Aujourd’hui, nous vous parlons des trois derniers «procès successeurs» dans lesquels sont accusés des cadres de la société Krupp, de grands responsables nazis et des généraux de haut rang de la Wehrmacht. Les juges leur infligent des peines de prison, souvent pour une durée considérable, mais la punition est rapidement remplacée par une «clémence»: au milieu des années 1950, les condamnés sont libérés et s’intègrent parfaitement à la société d’après-guerre.
La justice en accéléré
Les procès des dirigeants de Krupp, des responsables nazis et des généraux de la Wehrmacht
Alfried Krupp (accusé au procès Krupp, officiellement The United States of America vs. Alfried Krupp).

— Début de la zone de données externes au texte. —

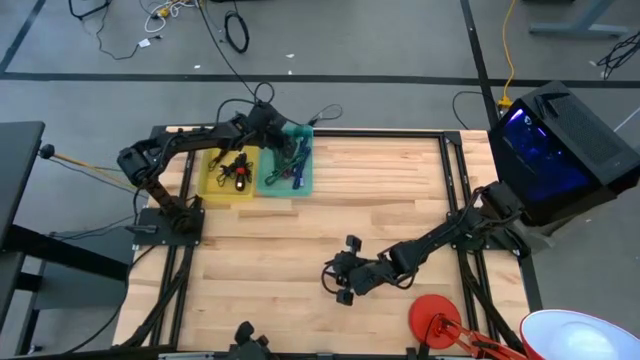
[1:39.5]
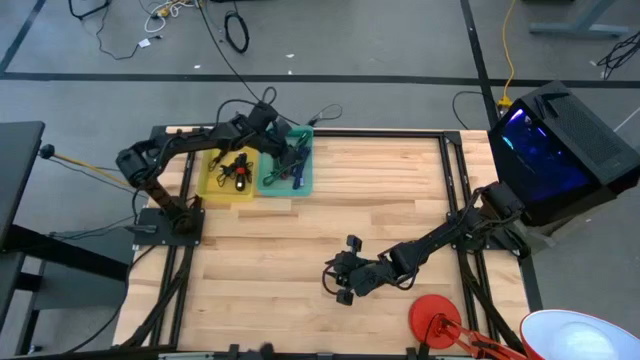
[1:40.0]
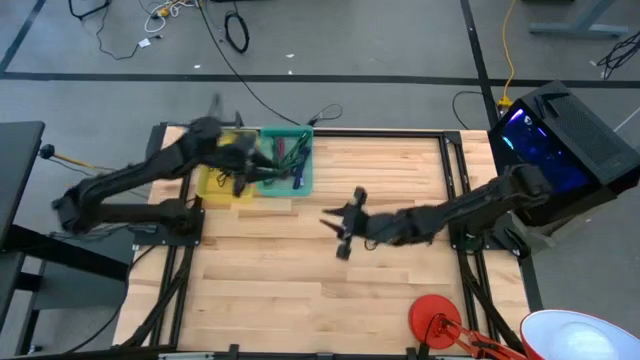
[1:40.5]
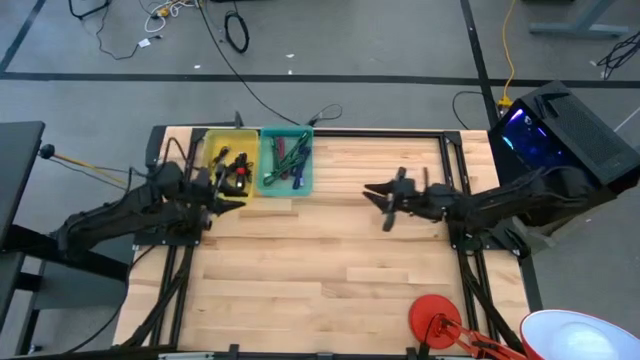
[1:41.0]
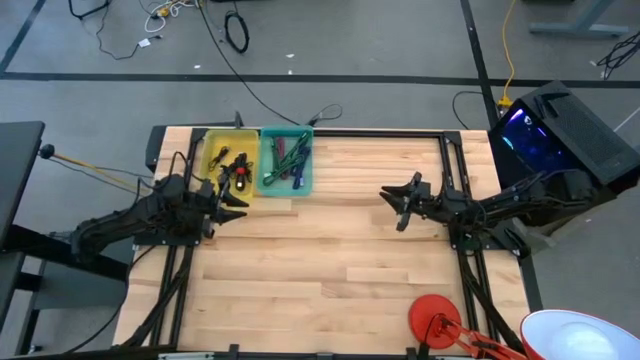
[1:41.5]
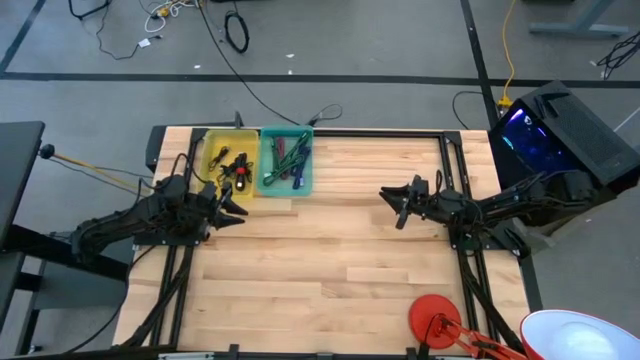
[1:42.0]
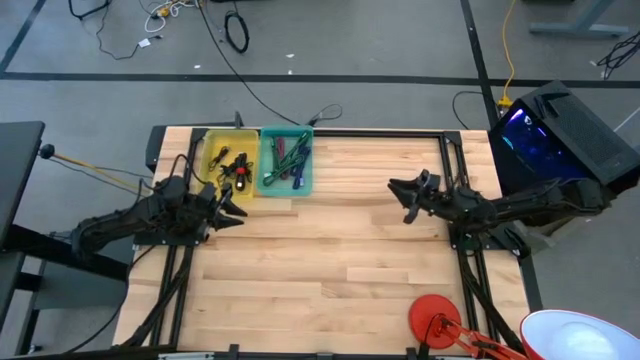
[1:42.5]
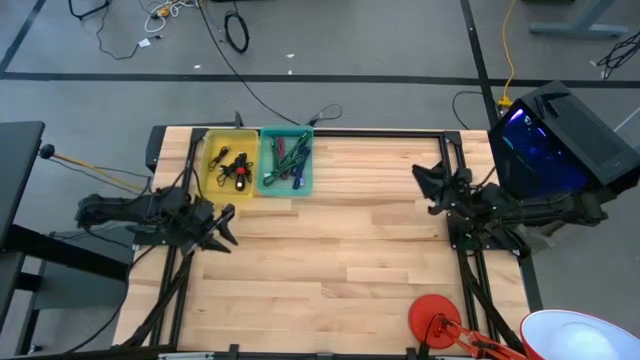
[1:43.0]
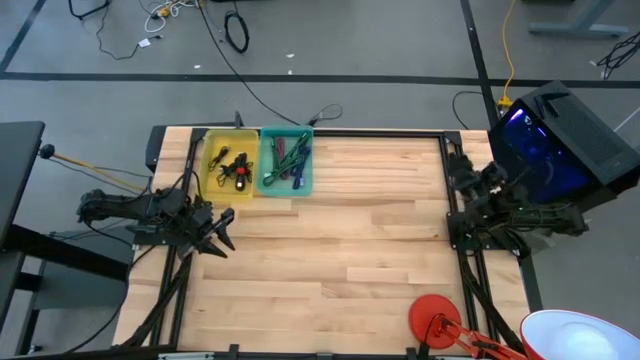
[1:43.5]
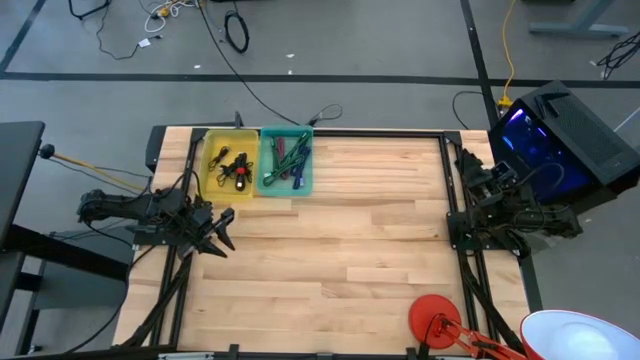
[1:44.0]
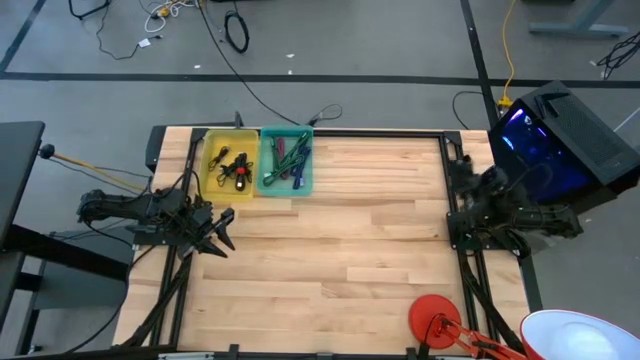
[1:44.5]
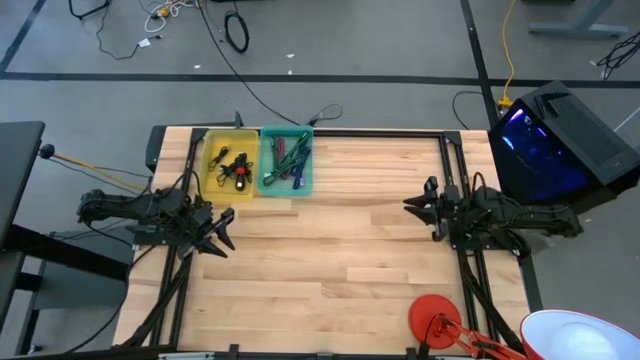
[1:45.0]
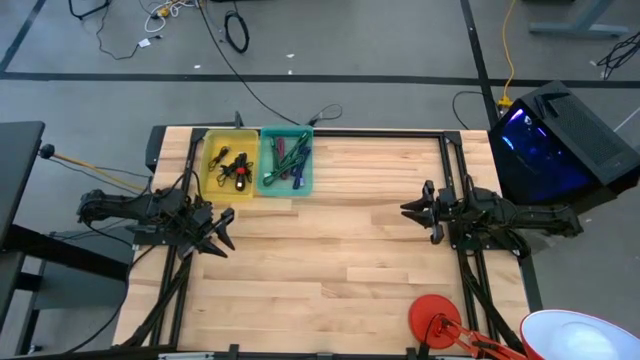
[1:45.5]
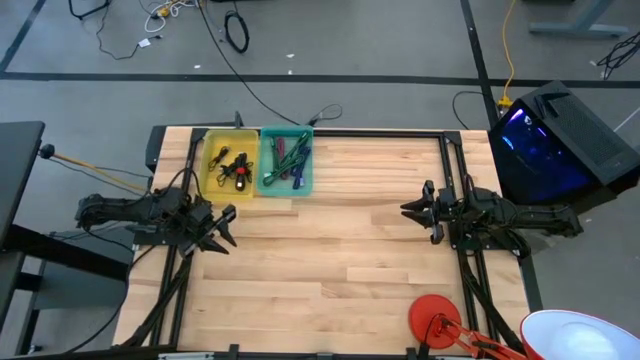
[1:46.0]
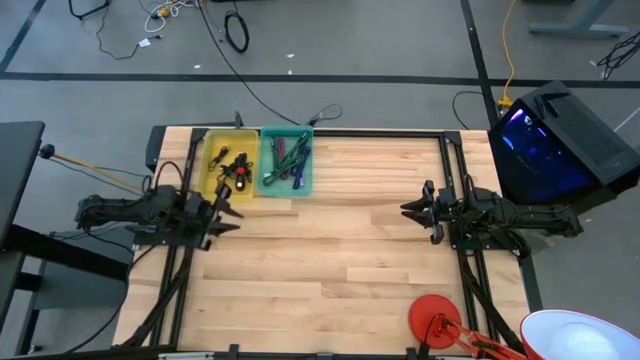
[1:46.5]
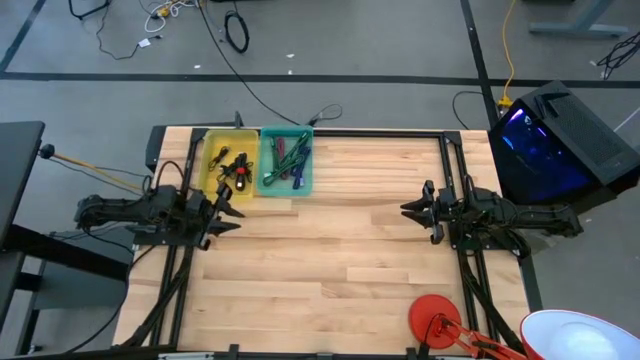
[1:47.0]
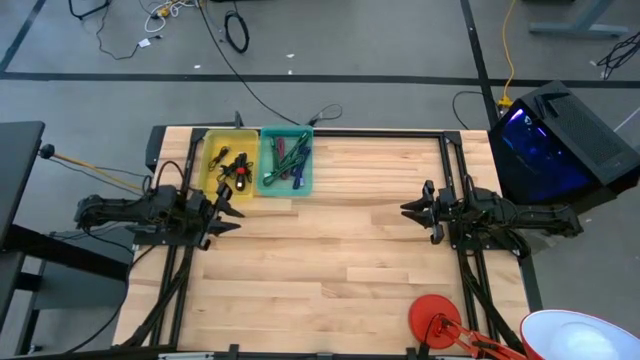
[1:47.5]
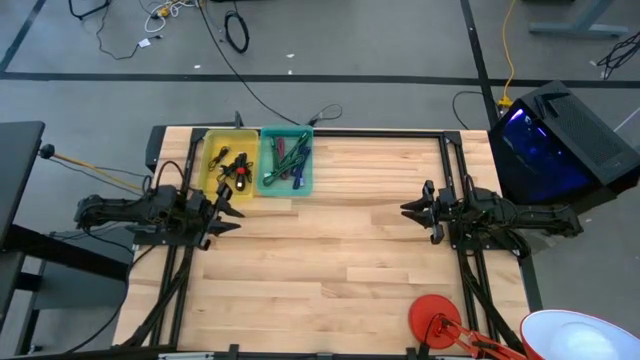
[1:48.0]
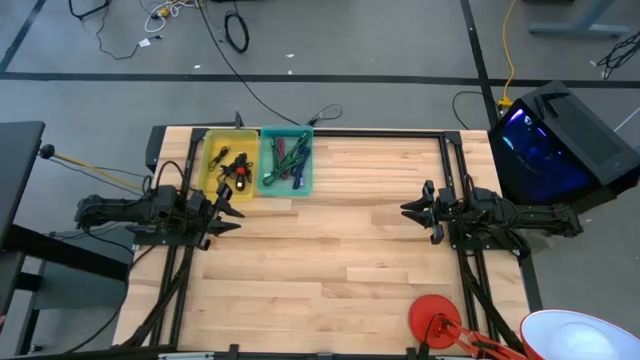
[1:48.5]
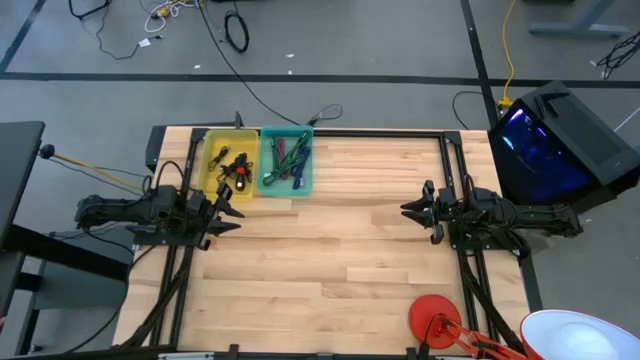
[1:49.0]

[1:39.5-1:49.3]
Task: Pick & Place USB Port
Return to Home Position

Le 8 décembre 1947, s’ouvre le dixième des douze procès successeurs de Nuremberg. Il concernait Alfried Krupp, industriel allemand, représentant l’entreprise familiale qui avait fourni des armes à la Wehrmacht dans les années 1930 et pendant la guerre. Selon une estimation très modeste, quelque 100.000 personnes ont été employées dans les usines Krupp pendant la guerre, 23.076 d’entre elles étaient des prisonniers de guerre, et 4.978 des prisonniers des camps de concentration.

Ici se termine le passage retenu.